Furthermore, the Hilbert transform can be easily realized by MATLAB toolbox function “hilbert.” In detail, uα equals u_pcc, and u_β equals the imaginary part of the Hilbert transform results.

2.3 αβ→dq transform

Through Section 2.2, the αβ-frame values can be obtained. Then, the dq-frame values can be further transformed from αβ frame, and the transform formula is as follows

$\left[\begin{array}{c}{u}_{\mathrm{d}}\\ u_{\mathrm{q}}\end{array}\right]=\left[\begin{array}{cc}\cos \phi & \sin \phi \\ -\sin \phi & \cos \phi \end{array}\right]\left[\begin{array}{c}{u}_{\alpha }\\ u_{\beta }\end{array}\right](5)$

where, u_d and u_q are the dq-frame voltage responses. The above process takes the voltage transform as an example. Furthermore, for the current transform, it is consistent with the above process. Thus, i_d and i_q can be further obtained with the above process.

2.4 Impedance calculation

When the dq-frame voltage/current values are obtained, the power supply network impedance can be calculated.
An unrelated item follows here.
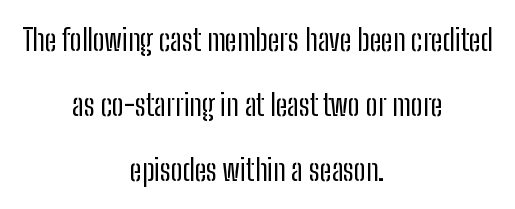
{"serif": "no", "italic": "no", "bold": "no", "weight": "regular", "width": "condensed", "stroke_contrast": "low", "x_height": "medium", "monospaced": "no", "underline": "no", "align": "center", "line_spacing": "loose", "line_spacing_ratio": 2.16, "letter_spacing": "normal", "letter_spacing_em": 0.0, "glyph_px": 30}
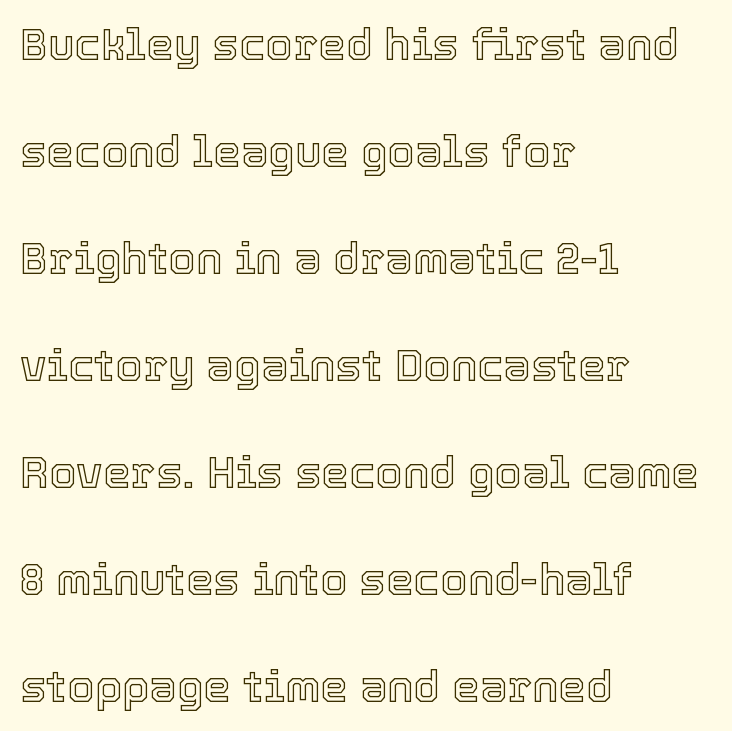
Does the leading feel generous? Absolutely, it's lavish. This rendering leaves character spacing at its baseline value. No italicization has been applied; the sample stays upright. This sample has the flowing, uneven cadence of proportional lettering. The strip under each line holds only bare page. The text block is weighted toward the left margin, trailing off unevenly rightward.
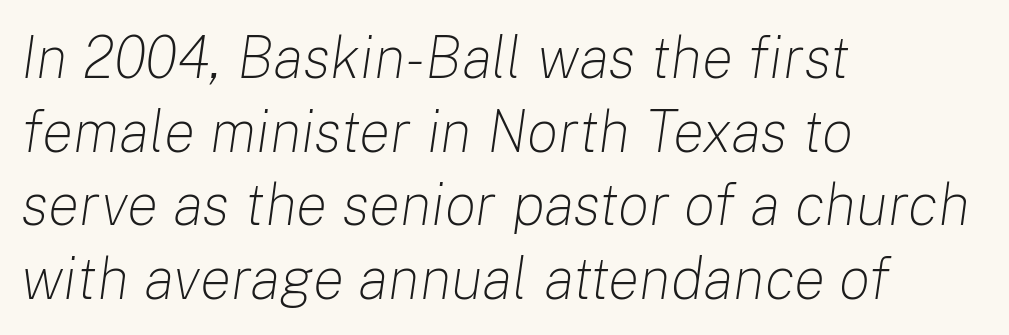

The equivalent dq-frame impedance matrix is marked as Z_dq, and its corresponding circuit relationship can be derived as

$\left[\begin{array}{c}{u}_{\mathrm{d}}\\ u_{\mathrm{q}}\end{array}\right]=\left[\begin{array}{cc}{Z}_{\mathrm{d}\mathrm{d}}& Z_{\mathrm{d}\mathrm{q}}\\ Z_{\mathrm{q}\mathrm{d}}& Z_{\mathrm{q}\mathrm{q}}\end{array}\right]\left[\begin{array}{c}{i}_{\mathrm{d}}\\ i_{\mathrm{q}}\end{array}\right](6)$

where, Z_dd, Z_dq, Z_qd and Z_qq are the four elements of the dq-frame impedance matrix Z_dq. To calculate the Z_dq, two sets of linearly independent dq-frame voltage/current data are required, which can be expressed as

${\mathbf{Z}}_{\mathbf{d}\mathbf{q}}=\left[\begin{array}{cc}{Z}_{dd}& Z_{dq}\\ Z_{qd}& Z_{qq}\end{array}\right]=\left[\begin{array}{cc}{u}_{d1}& u_{d2}\\ u_{q1}& u_{q2}\end{array}\right]\cdot {\left[\begin{array}{cc}{i}_{d1}& i_{d2}\\ i_{q1}& i_{q2}\end{array}\right]}^{-1}(7)$

where, subscripts “1” and “2” represent two sets of dq-frame voltage/current responses, respectively. As can be seen, the traditional dq-frame impedance identification methods require at least two harmonic disturbance injections to calculate the corresponding dq-frame impedance Z_dq, which is a limitation and should be further improved.

3 Detailed mathematical derivations of dq-frame impedance at the positive and negative frequencies

This section presents the impedance expressions of the basic components of the power supply network (inductor, capacitor, and resistor) at positive and negative frequencies, which provides a theoretical basis for proposing the novel dq-frame impedance identification method in Section 4.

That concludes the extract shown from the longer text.